Business environment is becoming increasingly complex, uncertain, unpredictable, and as a result, more and more competitive. As competition being intensified, flexibility-based supply chain management (SCM) is emerging as an increasingly important issue for companies. The challenge of flexibility in SCM is to identify and implement strategies to minimize cost while enhancing flexibility in an increasingly competitive and complex market (Browne et al., 1997; Wadhwa and Saxena, 2005). Flexibility stands out as a prominent applicable element in manufacturing and supply chains (SCs) (Browne et al., 1995; Chan et al., 2006; Stecke and Solberg, 1981). Sushil (2000), while deliberating upon the concept of systematic flexibility, has essentially stressed the multiplicity of connotations of flexibility in response to diversity of situations. Wadhwa and Rao (2000) defined flexibility as the ability to deal with change by judiciously providing and exploiting controllable options dynamically. The potential of certain types of flexibility to enhance the overall performance of manufacturing and supply chain system has attracted the attention of many researchers (for examples, see (Browne et al., 1984; Chan et al., 2004; Wadhwa et al., 2005). The effects of flexibility on the performance of an SC need to be more closely studied as scholars are having diverse interpretations.

Enhanced competitiveness requires that companies ceaselessly integrate within a network of organizations. Firms ignoring this challenge are destined to fall behind their rivals. The integration of companies within a network demands a new look at the supply chain management (SCM). “SCM is the management of upstream and downstream relationships in order to deliver superior customer value at less cost to the supply chain as a whole” (Christopher, 1998).

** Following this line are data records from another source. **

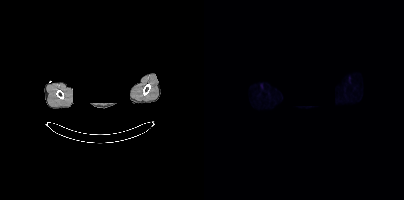
- face de-identified by blanking a block of the head
- Paired axial CT (left) and PSMA PET (right), 18F tracer
Findings: Negative for PSMA-avid disease on this slice.
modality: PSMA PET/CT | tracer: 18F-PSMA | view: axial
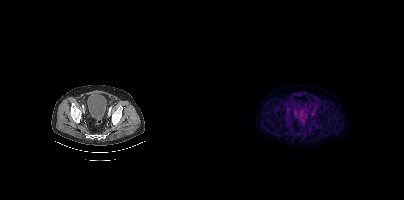
No PSMA-avid tumor lesions on this slice.
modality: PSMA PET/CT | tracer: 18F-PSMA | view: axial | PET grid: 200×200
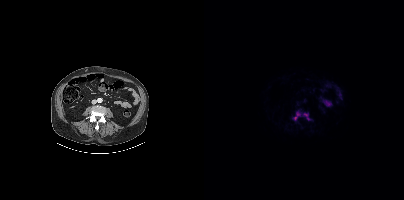
Coordinates are on the 200×200 PET (right) panel. PSMA-avid tumor lesion bounding boxes (x, y, width, height): x=89 y=111 w=8 h=10 / x=99 y=113 w=8 h=8.
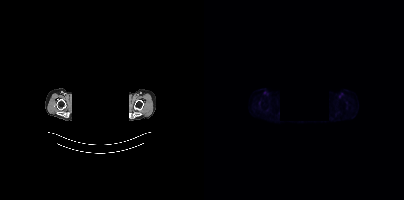
Two-panel axial: CT | PSMA PET, [18F]PSMA-1007 tracer. A rectangular block over the head has been blanked out for de-identification. Negative for PSMA-avid disease on this slice.
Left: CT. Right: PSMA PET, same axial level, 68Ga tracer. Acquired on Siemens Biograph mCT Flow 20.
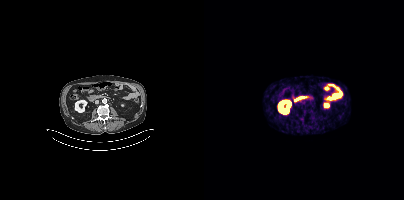
No PSMA-avid tumor lesions on this slice.
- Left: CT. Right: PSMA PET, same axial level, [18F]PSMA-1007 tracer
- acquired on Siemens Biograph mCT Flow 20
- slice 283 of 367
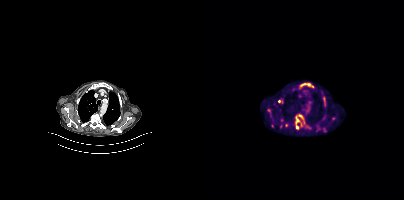
Findings: Coordinates are on the 200×200 PET (right) panel. (showing 5 of 7 foci) PSMA-avid tumor lesion bounding boxes (x0,y0,x1,y1): [91,114,100,126], [96,83,109,87], [63,109,67,116]. Small PSMA-avid foci (2 to 4 px across) near (center x, center y): (77, 99), (93, 127).
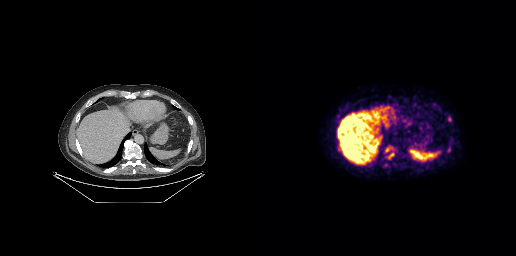
- Two-panel axial: CT | PSMA PET, 18F tracer
- acquired on GE Discovery 690
- PET panel 256×256 px (2.7 mm/px)
Findings: Coordinates are on the 256×256 PET (right) panel. PSMA-avid tumor lesion bounding boxes (x, y, width, height): x=188 y=116 w=4 h=6 / x=129 y=153 w=5 h=6. Small PSMA-avid foci (2 to 4 px across) near (center x, center y): (127, 149) / (189, 149).
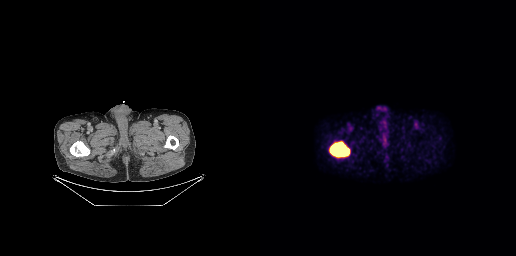
{"modality":"PSMA PET/CT","view":"axial","tracer":"[18F]PSMA-1007","pet_grid":[256,256],"coord_frame":"pet_panel","coord_format":"x0,y0,x1,y1","lesion_bboxes":[[69,140,90,158]]}
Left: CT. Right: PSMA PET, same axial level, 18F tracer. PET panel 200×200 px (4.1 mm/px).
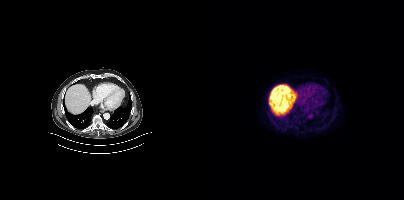
No tumor lesions annotated on this slice.
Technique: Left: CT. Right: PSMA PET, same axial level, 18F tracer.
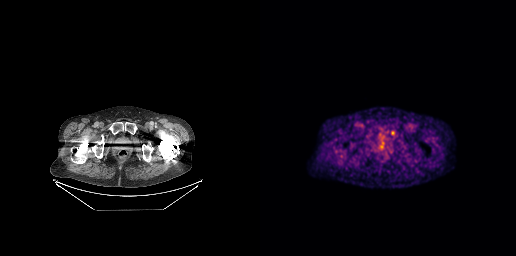
Findings: Coordinates are on the 256×256 PET (right) panel. PSMA-avid tumor lesion bounding box (x0,y0,x1,y1): [131,131,134,135].
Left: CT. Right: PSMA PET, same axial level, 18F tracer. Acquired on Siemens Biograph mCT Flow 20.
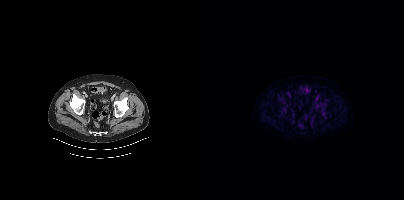
Coordinates are on the 200×200 PET (right) panel. PSMA-avid tumor lesion bounding boxes (partial; 1 more focus not listed):
| # | x0 | y0 | x1 | y1 |
|---|---|---|---|---|
| 1 | 112 | 102 | 123 | 115 |
Small PSMA-avid foci (2 to 4 px across) near (center x, center y): (123, 103); (74, 97).
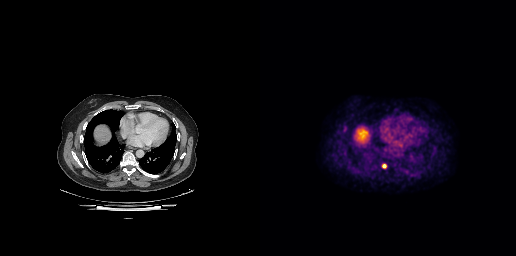
Coordinates are on the 256×256 PET (right) panel. PSMA-avid tumor lesion bounding box (x, y, width, height): x=122 y=164 w=5 h=5.
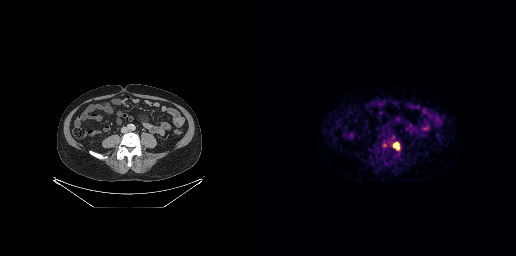
Paired axial CT (left) and PSMA PET (right), [68Ga]Ga-PSMA-11 tracer. Acquired on GE Discovery 690. Slice 96 of 263. PET panel 256×256 px (2.7 mm/px).
Coordinates are on the 256×256 PET (right) panel. PSMA-avid tumor lesion bounding boxes:
| # | x0 | y0 | x1 | y1 |
|---|---|---|---|---|
| 1 | 133 | 142 | 139 | 149 |
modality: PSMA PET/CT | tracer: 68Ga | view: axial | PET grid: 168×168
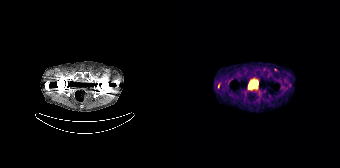
Coordinates are on the 168×168 PET (right) panel. Small PSMA-avid foci (2 to 4 px across) near (center x, center y): (103, 69); (46, 86).
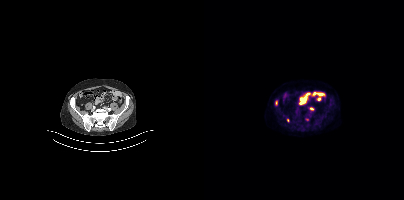
{"modality":"PSMA PET/CT","view":"axial","tracer":"[18F]PSMA-1007","pet_grid":[200,200],"coord_frame":"pet_panel","coord_format":"x0,y0,x1,y1","lesion_bboxes":[[71,101,73,105]],"small_foci_centers":[[102,119],[107,108],[83,120]]}
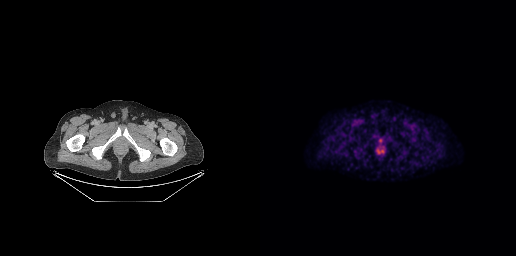
{"modality":"PSMA PET/CT","view":"axial","tracer":"[18F]PSMA-1007","pet_grid":[256,256],"coord_frame":"pet_panel","coord_format":"x0,y0,x1,y1","psma_avid_lesions":false}
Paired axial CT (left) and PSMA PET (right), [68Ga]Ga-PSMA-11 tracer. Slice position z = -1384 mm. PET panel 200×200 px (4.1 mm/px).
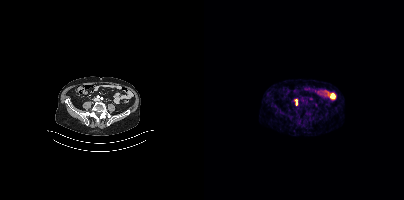
Coordinates are on the 200×200 PET (right) panel. Small PSMA-avid foci (2 to 4 px across) near (center x, center y): (92, 103), (92, 99).
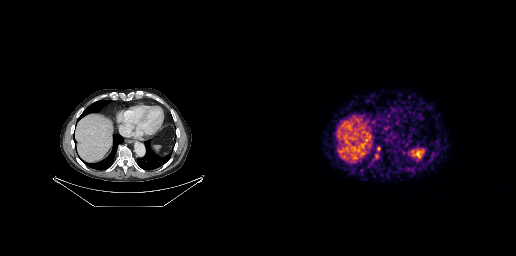
{"modality":"PSMA PET/CT","view":"axial","tracer":"[68Ga]Ga-PSMA-11","pet_grid":[256,256],"coord_frame":"pet_panel","coord_format":"x0,y0,x1,y1","psma_avid_lesions":false}
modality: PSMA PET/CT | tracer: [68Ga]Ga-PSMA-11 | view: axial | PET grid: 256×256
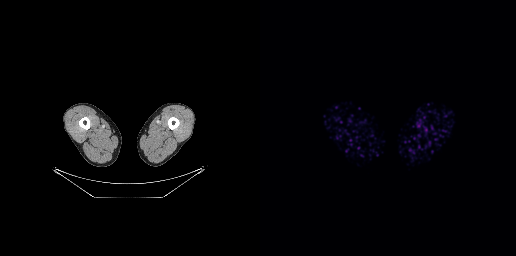
No tumor lesions annotated on this slice.
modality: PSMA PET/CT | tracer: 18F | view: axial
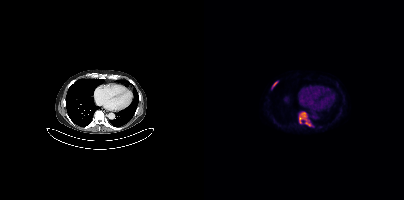
Coordinates are on the 200×200 PET (right) panel. PSMA-avid tumor lesion bounding boxes (x, y, width, height): x=95 y=112 w=13 h=15 | x=68 y=81 w=6 h=8.
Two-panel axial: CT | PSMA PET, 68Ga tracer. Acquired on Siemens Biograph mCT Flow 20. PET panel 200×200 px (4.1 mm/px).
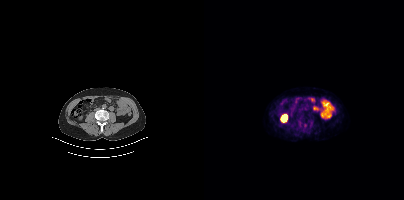
No tumor lesions annotated on this slice.
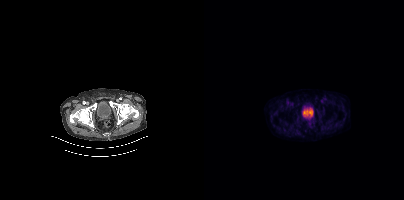
No PSMA-avid tumor lesions on this slice.
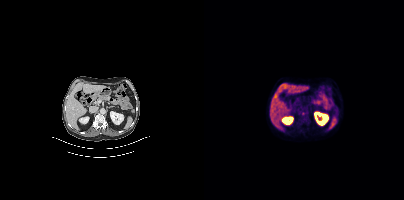
Coordinates are on the 200×200 PET (right) panel. Small PSMA-avid focus (2 to 4 px across) near (center x, center y): (98, 113).
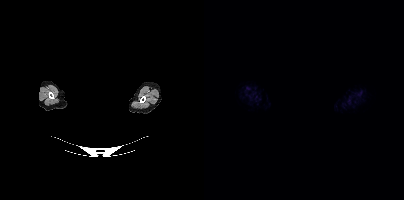
Two-panel axial: CT | PSMA PET, 18F-PSMA tracer. Acquired on Siemens Biograph mCT Flow 20. Slice 391 of 405. PET panel 200×200 px (4.1 mm/px). An anonymization step blacked out a rectangle over the head in this scan. No tumor lesions annotated on this slice.
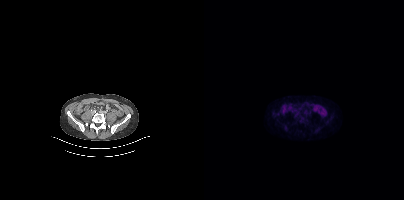
modality: PSMA PET/CT | tracer: [18F]PSMA-1007 | view: axial | PET grid: 200×200
Negative for PSMA-avid disease on this slice.
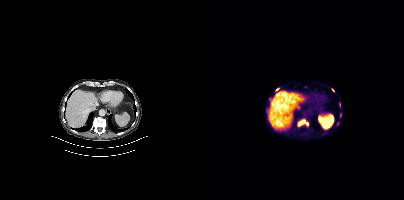
modality: PSMA PET/CT | tracer: 18F-PSMA | view: axial | PET grid: 200×200
Coordinates are on the 200×200 PET (right) panel. (showing 6 of 7 foci) PSMA-avid tumor lesion bounding boxes (x, y, width, height): x=94 y=120 w=11 h=6 / x=62 y=108 w=3 h=6. Small PSMA-avid foci (2 to 4 px across) near (center x, center y): (73, 89) / (136, 114) / (129, 90) / (135, 105).
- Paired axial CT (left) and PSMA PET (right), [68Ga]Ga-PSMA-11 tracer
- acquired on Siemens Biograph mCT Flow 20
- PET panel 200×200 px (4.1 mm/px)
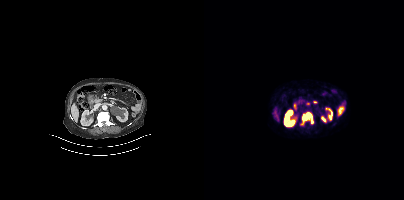
Findings: Coordinates are on the 200×200 PET (right) panel. PSMA-avid tumor lesion bounding box (x0,y0,x1,y1): [96,112,109,125]. Small PSMA-avid foci (2 to 4 px across) near (center x, center y): (103, 103) (69, 112).
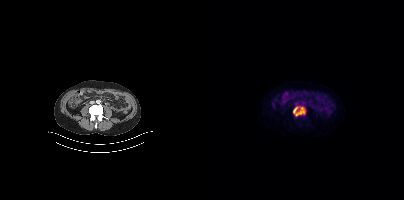
Coordinates are on the 200×200 PET (right) panel. PSMA-avid tumor lesion bounding boxes:
| # | x0 | y0 | x1 | y1 |
|---|---|---|---|---|
| 1 | 89 | 106 | 101 | 116 |
Paired axial CT (left) and PSMA PET (right), 18F tracer. Slice position z = -791 mm. PET panel 200×200 px (4.1 mm/px).
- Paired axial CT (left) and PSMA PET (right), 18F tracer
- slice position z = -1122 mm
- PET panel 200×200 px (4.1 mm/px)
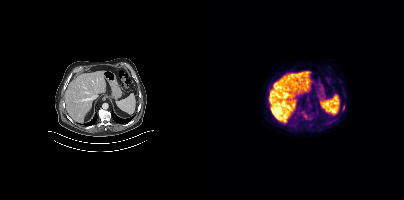
Findings: Coordinates are on the 200×200 PET (right) panel. PSMA-avid tumor lesion bounding box (x0, y0)-(x1, y1): (139, 105)-(140, 110). Small PSMA-avid foci (2 to 4 px across) near (center x, center y): (65, 89) | (101, 116).
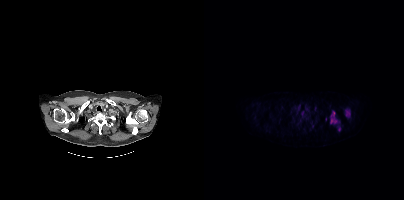
- Left: CT. Right: PSMA PET, same axial level, 18F tracer
- PET panel 200×200 px (4.1 mm/px)
Findings: Coordinates are on the 200×200 PET (right) panel. (showing 5 of 6 foci) PSMA-avid tumor lesion bounding boxes (x0, y0)-(x1, y1): (141, 110)-(146, 115) / (127, 118)-(132, 122) / (134, 125)-(136, 130). Small PSMA-avid foci (2 to 4 px across) near (center x, center y): (98, 113) / (108, 125).
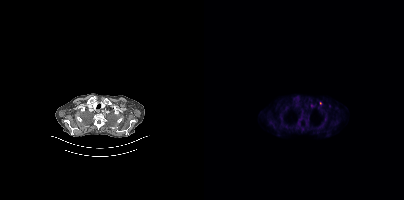
Coordinates are on the 200×200 PET (right) panel. (showing 2 of 3 foci) Small PSMA-avid foci (2 to 4 px across) near (center x, center y): (116, 103); (107, 105).
modality: PSMA PET/CT | tracer: [18F]PSMA-1007 | view: axial | PET grid: 200×200

The integral value of the SCM philosophy is that the total performance of the entire supply chain is enhanced when we simultaneously optimize all the links in the chain as compared to the resulting total performance when each individual link is separately optimized (Burke and Vakkaria, 2002).

Recent technological developments in information systems and information technologies have the potential to facilitate the coordination, and this, in turn, allows the virtual integration of the entire supply chain. The focus of this integration in the context of internet-enabled activities is generally referred to as electronic SCM (e-SCM). Merging SCM and the internet is a key area of concern for contemporary managers and scholars. Managers realize that the internet can enhance SCM decision making by providing real-time information and enabling collaboration between trading partners. Many companies have implemented point-of-sales scanners, which read, in real time, what is being sold. These companies not only collect information in real-time to make decisions about what to order or how to replenish the stores, but they also send the information, through the internet, to their suppliers to help them synchronize their productions to actual sales.

Following the definition of SCM in (Cooper et al., 1997), we define e-SCM as the impact of the internet on the integration of key business processes from end-user through original suppliers providing products, services and information that add value for customers and other stakeholders. The main objective of our work here is first to identify the major issues concerning the impact of the internet on SCM, while focusing on supply chain processes, and then offer an integrated supply network associated with the corresponding layers and elements to provide an optimal route.